(Stored data)

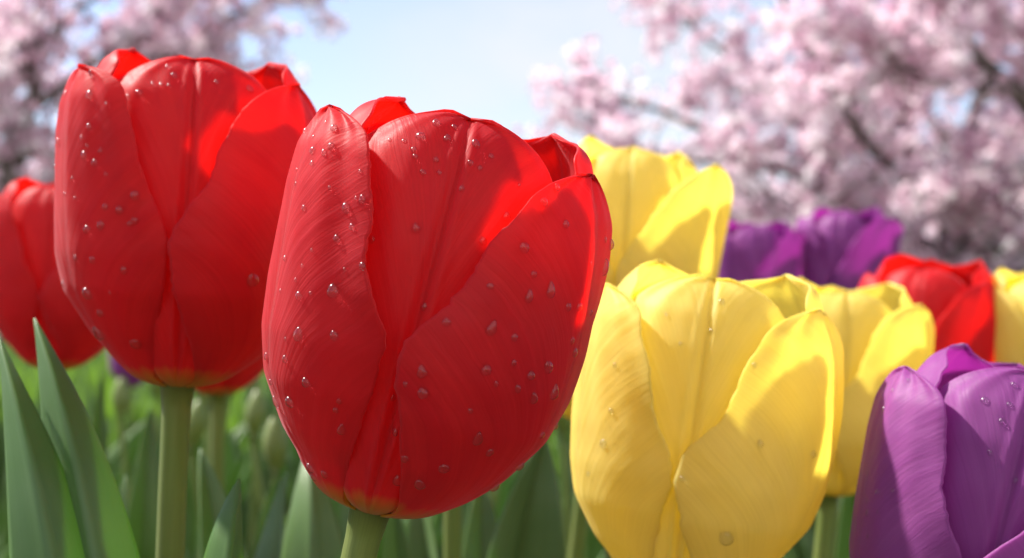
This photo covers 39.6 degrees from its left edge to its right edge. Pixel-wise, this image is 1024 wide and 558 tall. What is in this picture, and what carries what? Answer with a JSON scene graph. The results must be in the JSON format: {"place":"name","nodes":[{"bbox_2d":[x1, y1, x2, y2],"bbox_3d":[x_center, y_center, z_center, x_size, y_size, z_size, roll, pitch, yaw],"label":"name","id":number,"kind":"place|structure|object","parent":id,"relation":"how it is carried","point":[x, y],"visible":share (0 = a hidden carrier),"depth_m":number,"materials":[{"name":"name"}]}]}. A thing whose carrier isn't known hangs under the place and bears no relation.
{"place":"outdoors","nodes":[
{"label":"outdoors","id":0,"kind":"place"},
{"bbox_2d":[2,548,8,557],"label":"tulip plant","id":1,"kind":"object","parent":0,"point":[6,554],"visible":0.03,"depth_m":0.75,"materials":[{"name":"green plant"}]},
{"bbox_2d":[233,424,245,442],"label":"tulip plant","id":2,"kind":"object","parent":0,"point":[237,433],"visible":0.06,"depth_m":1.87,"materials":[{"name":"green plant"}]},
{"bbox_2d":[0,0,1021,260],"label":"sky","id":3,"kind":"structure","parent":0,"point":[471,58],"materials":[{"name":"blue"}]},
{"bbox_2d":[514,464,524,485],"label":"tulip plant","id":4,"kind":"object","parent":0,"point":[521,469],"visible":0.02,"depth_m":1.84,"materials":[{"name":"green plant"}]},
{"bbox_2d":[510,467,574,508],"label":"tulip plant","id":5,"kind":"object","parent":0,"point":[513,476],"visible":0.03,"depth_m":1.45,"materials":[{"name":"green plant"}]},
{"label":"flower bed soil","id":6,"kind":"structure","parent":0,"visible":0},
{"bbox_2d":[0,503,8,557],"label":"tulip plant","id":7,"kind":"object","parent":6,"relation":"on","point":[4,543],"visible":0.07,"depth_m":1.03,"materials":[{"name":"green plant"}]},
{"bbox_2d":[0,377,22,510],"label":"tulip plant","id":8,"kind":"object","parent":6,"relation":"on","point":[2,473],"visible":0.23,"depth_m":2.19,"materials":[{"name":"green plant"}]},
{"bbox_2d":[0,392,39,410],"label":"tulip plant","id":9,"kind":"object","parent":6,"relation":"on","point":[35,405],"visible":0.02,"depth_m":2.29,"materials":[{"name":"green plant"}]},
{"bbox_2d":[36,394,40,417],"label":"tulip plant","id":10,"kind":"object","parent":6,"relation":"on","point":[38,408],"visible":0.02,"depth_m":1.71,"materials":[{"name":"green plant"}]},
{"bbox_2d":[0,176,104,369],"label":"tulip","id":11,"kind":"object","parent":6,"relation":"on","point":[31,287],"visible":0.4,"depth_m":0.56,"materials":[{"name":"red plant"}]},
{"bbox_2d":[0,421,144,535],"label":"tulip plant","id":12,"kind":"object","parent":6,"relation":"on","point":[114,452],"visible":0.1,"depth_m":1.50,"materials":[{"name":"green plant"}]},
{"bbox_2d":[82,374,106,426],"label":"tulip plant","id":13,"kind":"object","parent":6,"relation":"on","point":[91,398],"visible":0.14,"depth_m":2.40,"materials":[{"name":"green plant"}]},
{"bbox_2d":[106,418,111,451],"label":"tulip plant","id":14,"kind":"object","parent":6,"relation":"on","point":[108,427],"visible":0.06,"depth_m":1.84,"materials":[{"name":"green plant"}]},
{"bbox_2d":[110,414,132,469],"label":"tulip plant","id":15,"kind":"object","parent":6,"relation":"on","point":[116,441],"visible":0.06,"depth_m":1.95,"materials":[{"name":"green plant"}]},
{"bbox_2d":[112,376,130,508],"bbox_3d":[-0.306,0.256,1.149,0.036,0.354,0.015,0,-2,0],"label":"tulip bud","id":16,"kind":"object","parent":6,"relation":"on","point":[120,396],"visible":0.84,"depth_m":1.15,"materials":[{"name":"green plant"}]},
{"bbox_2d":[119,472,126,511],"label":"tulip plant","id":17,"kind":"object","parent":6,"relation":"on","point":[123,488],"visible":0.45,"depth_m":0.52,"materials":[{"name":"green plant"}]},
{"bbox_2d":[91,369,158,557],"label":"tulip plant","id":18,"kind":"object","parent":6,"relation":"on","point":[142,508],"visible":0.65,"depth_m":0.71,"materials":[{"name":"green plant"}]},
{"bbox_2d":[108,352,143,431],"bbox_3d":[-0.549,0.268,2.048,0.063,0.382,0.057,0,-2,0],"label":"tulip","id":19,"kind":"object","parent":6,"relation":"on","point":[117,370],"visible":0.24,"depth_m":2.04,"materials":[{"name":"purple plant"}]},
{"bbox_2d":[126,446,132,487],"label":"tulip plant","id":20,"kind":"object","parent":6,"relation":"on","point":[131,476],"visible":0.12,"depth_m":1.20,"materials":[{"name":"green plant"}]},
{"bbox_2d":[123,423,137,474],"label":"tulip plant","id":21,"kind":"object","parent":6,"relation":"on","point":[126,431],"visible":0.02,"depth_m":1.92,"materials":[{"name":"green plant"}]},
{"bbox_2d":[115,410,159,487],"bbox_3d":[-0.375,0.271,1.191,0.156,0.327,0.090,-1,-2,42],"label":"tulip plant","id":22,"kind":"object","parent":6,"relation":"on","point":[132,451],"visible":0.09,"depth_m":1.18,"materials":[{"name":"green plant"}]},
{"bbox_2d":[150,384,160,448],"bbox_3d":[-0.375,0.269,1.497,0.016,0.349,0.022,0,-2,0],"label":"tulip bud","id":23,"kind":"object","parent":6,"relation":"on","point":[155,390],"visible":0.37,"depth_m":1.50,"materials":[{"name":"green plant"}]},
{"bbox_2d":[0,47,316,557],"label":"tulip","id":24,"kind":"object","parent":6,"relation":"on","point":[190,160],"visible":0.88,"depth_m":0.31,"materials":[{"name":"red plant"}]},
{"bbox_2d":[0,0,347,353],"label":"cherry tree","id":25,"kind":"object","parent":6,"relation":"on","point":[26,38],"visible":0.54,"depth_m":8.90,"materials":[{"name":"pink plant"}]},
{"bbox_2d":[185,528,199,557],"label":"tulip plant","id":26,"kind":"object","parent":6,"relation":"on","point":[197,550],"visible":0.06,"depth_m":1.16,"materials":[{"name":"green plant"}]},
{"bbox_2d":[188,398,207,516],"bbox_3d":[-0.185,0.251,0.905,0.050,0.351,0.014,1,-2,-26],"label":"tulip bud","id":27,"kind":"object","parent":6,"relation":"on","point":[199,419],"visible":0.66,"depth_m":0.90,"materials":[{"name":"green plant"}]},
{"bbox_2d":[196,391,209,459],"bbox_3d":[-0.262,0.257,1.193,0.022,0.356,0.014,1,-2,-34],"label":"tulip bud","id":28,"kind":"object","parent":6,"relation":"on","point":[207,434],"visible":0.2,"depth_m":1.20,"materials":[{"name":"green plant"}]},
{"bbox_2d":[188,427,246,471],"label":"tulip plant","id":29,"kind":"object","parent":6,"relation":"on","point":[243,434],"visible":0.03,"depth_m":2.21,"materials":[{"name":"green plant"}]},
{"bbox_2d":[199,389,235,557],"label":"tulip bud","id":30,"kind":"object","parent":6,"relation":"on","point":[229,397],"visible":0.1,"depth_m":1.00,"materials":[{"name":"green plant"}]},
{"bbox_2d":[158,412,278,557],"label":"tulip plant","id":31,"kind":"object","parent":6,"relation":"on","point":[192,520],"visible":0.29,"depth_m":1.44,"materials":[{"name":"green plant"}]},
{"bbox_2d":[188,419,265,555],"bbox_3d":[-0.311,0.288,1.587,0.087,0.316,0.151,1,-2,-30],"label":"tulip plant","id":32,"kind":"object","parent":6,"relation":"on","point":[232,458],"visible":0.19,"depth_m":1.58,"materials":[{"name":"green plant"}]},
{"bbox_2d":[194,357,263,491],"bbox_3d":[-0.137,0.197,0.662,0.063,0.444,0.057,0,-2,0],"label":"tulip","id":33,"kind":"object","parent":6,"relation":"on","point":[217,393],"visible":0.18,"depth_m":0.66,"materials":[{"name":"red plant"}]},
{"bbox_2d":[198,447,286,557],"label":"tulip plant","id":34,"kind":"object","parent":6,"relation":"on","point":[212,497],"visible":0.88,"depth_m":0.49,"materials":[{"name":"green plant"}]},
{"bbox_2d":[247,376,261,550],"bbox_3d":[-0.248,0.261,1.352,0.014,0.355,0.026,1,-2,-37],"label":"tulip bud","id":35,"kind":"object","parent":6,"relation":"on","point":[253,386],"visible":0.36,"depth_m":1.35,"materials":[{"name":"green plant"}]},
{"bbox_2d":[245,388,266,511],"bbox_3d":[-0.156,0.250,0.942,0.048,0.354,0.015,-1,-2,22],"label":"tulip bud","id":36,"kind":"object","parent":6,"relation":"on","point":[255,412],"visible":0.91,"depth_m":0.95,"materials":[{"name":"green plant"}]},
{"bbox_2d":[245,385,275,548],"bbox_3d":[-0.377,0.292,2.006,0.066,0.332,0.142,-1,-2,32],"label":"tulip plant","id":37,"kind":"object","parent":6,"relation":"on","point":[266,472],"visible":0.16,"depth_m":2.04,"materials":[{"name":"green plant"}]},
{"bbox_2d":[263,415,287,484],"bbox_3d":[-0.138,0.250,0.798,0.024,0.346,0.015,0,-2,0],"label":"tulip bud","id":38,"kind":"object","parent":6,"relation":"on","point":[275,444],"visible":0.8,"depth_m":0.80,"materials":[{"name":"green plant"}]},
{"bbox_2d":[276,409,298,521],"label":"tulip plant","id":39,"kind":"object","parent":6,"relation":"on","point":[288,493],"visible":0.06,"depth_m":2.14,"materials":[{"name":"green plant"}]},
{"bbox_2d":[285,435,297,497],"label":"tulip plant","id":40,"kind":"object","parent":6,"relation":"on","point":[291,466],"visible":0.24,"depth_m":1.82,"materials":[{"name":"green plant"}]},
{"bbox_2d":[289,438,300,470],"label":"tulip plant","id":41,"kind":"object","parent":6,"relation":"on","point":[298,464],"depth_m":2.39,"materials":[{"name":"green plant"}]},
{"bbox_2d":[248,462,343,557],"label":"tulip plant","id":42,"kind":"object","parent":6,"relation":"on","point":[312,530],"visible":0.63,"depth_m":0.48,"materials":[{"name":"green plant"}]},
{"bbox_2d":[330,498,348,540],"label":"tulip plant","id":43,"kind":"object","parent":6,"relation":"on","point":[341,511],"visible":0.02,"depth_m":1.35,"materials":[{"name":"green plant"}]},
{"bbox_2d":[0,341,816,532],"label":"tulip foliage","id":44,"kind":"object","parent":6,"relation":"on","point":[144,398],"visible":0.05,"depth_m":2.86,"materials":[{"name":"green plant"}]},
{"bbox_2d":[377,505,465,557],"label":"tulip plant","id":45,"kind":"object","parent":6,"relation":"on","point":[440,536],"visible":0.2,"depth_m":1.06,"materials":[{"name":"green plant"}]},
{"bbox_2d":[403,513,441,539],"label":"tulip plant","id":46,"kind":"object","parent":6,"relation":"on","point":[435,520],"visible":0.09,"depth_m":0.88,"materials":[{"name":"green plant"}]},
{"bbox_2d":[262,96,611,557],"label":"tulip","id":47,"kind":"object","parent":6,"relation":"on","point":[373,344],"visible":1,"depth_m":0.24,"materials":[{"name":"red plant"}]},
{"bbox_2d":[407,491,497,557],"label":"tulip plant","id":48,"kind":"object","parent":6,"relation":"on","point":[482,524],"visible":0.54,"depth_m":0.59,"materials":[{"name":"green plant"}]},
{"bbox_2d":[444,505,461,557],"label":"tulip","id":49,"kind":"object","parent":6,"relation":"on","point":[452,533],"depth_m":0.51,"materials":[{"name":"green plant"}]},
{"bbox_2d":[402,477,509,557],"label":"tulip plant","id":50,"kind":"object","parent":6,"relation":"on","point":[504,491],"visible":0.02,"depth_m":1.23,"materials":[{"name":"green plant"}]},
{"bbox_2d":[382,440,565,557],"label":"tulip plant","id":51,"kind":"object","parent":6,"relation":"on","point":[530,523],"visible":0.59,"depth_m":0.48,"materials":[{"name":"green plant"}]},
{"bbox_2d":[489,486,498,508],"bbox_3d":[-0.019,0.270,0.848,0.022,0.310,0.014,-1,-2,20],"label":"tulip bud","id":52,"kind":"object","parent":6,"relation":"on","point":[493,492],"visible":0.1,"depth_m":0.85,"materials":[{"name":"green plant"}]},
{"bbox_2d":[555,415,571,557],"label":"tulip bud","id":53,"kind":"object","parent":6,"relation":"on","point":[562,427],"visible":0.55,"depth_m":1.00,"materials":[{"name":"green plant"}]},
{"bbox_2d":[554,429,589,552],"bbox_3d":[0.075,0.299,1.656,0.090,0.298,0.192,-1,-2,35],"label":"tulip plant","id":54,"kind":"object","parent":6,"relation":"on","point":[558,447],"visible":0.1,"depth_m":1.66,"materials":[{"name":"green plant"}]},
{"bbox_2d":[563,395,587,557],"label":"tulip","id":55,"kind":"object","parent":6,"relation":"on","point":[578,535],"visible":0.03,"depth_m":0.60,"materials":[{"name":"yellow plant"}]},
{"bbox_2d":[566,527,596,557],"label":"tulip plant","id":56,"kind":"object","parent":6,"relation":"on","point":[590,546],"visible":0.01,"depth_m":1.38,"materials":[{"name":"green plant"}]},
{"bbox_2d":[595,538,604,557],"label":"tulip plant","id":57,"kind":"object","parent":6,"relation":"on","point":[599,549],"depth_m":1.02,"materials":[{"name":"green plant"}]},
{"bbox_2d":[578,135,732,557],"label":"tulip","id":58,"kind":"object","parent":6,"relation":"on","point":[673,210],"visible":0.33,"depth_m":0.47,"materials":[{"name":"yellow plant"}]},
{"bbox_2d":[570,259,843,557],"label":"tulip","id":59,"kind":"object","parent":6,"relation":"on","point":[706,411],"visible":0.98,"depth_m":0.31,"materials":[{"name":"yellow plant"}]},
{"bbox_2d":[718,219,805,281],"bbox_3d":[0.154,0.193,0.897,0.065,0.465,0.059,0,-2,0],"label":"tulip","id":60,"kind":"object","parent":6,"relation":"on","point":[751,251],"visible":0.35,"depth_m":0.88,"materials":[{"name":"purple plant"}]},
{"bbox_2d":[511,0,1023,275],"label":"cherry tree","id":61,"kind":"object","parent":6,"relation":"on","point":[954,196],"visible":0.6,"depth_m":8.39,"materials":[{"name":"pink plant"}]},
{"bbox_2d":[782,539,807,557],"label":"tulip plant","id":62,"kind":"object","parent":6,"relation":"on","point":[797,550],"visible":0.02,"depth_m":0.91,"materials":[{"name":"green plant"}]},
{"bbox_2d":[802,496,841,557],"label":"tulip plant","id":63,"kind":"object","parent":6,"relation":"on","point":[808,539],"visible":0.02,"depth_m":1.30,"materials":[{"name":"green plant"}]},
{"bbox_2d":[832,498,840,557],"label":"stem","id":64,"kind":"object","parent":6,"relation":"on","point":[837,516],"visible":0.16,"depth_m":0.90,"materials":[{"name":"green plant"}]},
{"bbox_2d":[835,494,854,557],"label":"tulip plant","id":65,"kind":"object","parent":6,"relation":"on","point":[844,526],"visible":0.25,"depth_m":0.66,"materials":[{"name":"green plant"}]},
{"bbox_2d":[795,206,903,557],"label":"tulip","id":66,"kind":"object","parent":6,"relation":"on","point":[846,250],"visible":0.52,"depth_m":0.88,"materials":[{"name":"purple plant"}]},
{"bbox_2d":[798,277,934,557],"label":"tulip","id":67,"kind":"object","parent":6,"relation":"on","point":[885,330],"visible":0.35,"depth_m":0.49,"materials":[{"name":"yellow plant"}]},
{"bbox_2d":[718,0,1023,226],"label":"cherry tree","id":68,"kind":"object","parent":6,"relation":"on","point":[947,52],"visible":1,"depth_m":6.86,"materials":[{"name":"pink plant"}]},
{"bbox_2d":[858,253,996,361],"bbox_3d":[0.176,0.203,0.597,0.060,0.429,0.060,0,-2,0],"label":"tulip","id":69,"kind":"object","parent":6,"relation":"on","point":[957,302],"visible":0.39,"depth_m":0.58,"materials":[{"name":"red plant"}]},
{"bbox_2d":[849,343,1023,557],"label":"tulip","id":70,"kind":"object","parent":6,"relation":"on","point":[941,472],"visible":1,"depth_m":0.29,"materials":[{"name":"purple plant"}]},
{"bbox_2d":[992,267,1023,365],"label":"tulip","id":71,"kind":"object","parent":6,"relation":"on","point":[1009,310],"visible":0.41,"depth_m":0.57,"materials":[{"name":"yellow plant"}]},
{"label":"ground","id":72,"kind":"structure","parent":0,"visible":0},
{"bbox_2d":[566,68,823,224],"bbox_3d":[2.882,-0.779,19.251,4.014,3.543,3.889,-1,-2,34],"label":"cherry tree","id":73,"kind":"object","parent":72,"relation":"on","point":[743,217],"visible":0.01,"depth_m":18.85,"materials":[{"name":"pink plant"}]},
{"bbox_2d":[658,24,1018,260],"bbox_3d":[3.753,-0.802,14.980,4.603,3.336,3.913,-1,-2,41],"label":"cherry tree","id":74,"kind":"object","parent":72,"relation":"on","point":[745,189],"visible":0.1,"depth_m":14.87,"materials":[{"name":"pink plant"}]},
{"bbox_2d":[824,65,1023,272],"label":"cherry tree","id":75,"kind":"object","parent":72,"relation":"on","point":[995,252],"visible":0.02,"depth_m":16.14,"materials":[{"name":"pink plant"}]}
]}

#### EXERCISE DETAILS:
Search the records for the string "nodes" and report each line that has it.

#### YOUR RESPONSE:
This photo covers 39.6 degrees from its left edge to its right edge. Pixel-wise, this image is 1024 wide and 558 tall. What is in this picture, and what carries what? Answer with a JSON scene graph. The results must be in the JSON format: {"place":"name","nodes":[{"bbox_2d":[x1, y1, x2, y2],"bbox_3d":[x_center, y_center, z_center, x_size, y_size, z_size, roll, pitch, yaw],"label":"name","id":number,"kind":"place|structure|object","parent":id,"relation":"how it is carried","point":[x, y],"visible":share (0 = a hidden carrier),"depth_m":number,"materials":[{"name":"name"}]}]}. A thing whose carrier isn't known hangs under the place and bears no relation.
{"place":"outdoors","nodes":[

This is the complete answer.